March 13, 2007

Letter about General Pace's Comments

Most of my writing lately seems to be in the form of letters to the editor, so I thought would post some of them. Here's a letter I wrote to the White House concerning Gen. Pace's comment that discrimination against gays in the military was justified because homosexuality is, according to him, "immoral."

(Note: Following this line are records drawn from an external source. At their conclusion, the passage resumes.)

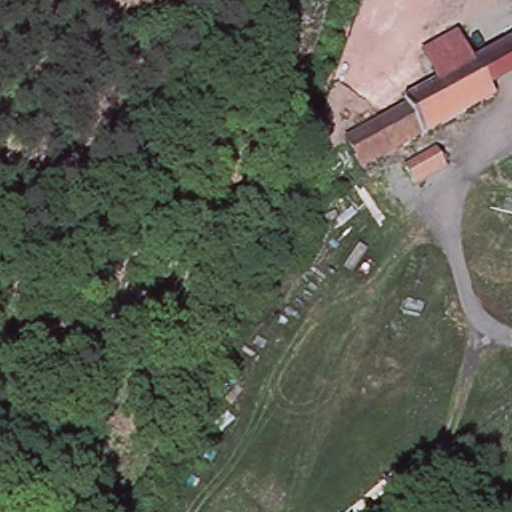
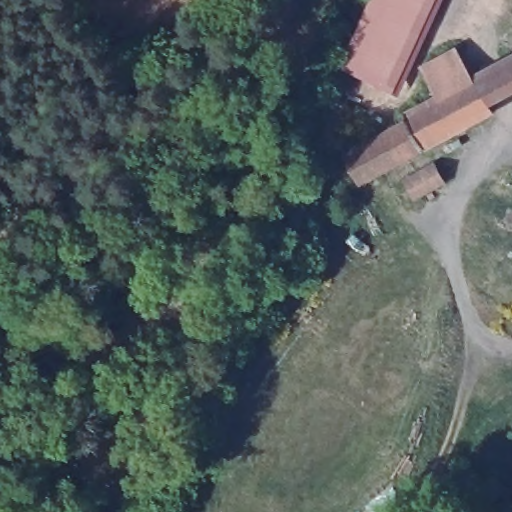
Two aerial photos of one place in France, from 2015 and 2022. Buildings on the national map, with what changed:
new [(369,0),(442,0),(398,96),(338,66),(369,0)]
unchanged [(430,66),(465,48),(478,74),(451,88),(443,92),(430,66)]
unchanged [(512,56),(512,85),(491,96),(480,74),(512,56)]
unchanged [(478,74),(480,74),(491,96),(496,106),(468,121),(451,88),(478,74)]
unchanged [(468,121),(367,174),(352,146),(412,114),(410,110),(443,92),(451,88),(468,121)]

In the same way that in the early 20th Century, President Wilson announced that soldiers in WWI were "bringing freedom and democracy" to Europe, while at home women were denied the right the vote, President Bush is claiming that the U.S. is "bringing freedom and democracy" to Iraq, while our armed forces continue a discriminatory policy against gays and lesbians in the service. Our national hypocrisy on this issue cannot stand, and the attitude of General Pace is ignorant and bigoted. No person has the ability to choose their sexual orientation, so morality has nothing to do with it. In an era when people willing to serve are in short supply, we can ill afford to exclude brave men and women on the basis of an irrelevant characteristic. Sexual orientation has no more effect on morale than did race during WWII, and its continuation as a basis for discrimination is equally wrong--morally wrong.

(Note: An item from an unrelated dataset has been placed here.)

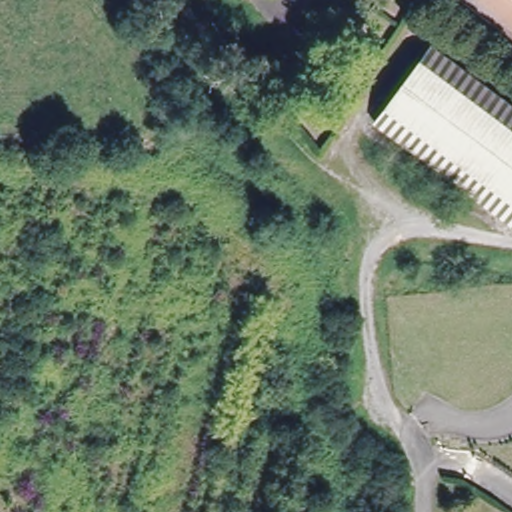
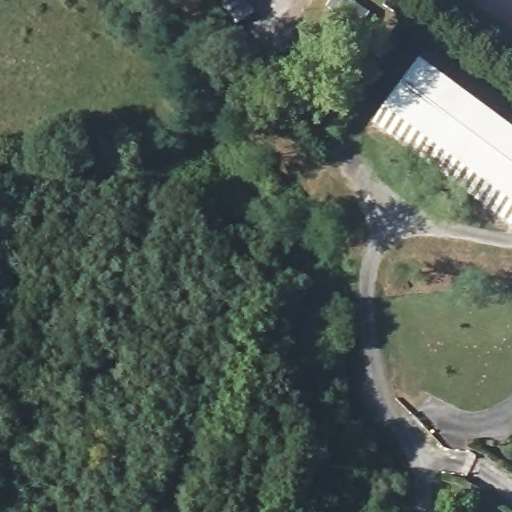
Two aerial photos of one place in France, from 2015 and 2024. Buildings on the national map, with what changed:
unchanged [(512,218),(376,124),(428,50),(512,108),(512,218)]

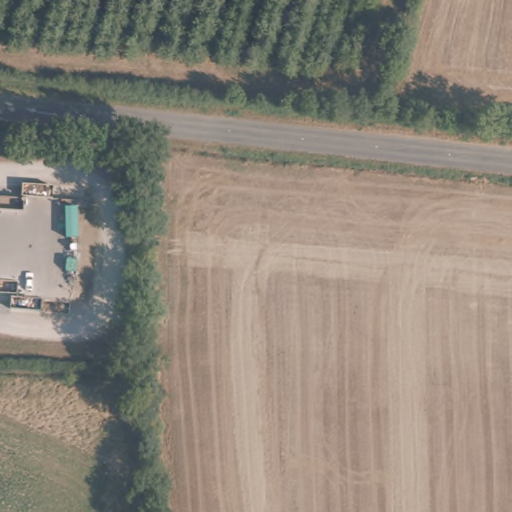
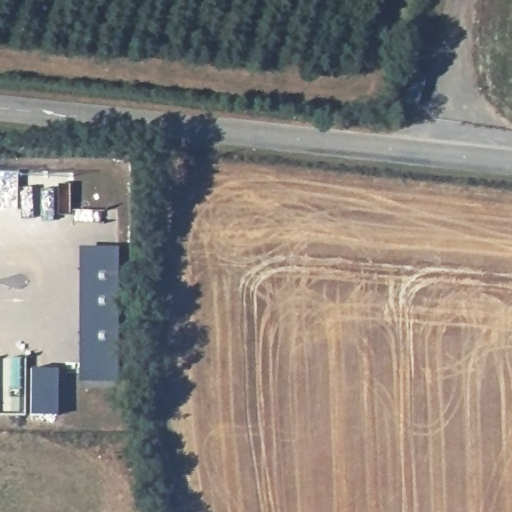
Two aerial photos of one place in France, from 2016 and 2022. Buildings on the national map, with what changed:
new [(78,246),(123,246),(123,381),(78,381),(78,246)]
new [(27,367),(58,368),(58,415),(26,415),(27,367)]

I am heterosexual, and I am not a member of the military, so I do not have a personal agenda, but I feel very strongly that lack of leadership on this issue will be looked back on with contempt by future generations. If "all men are created equal," then we must treat them that way, and not create an underclass based on biologically-determined characteristics. Neither gender nor race nor sexual orientation should keep any American from the pursuit of happiness.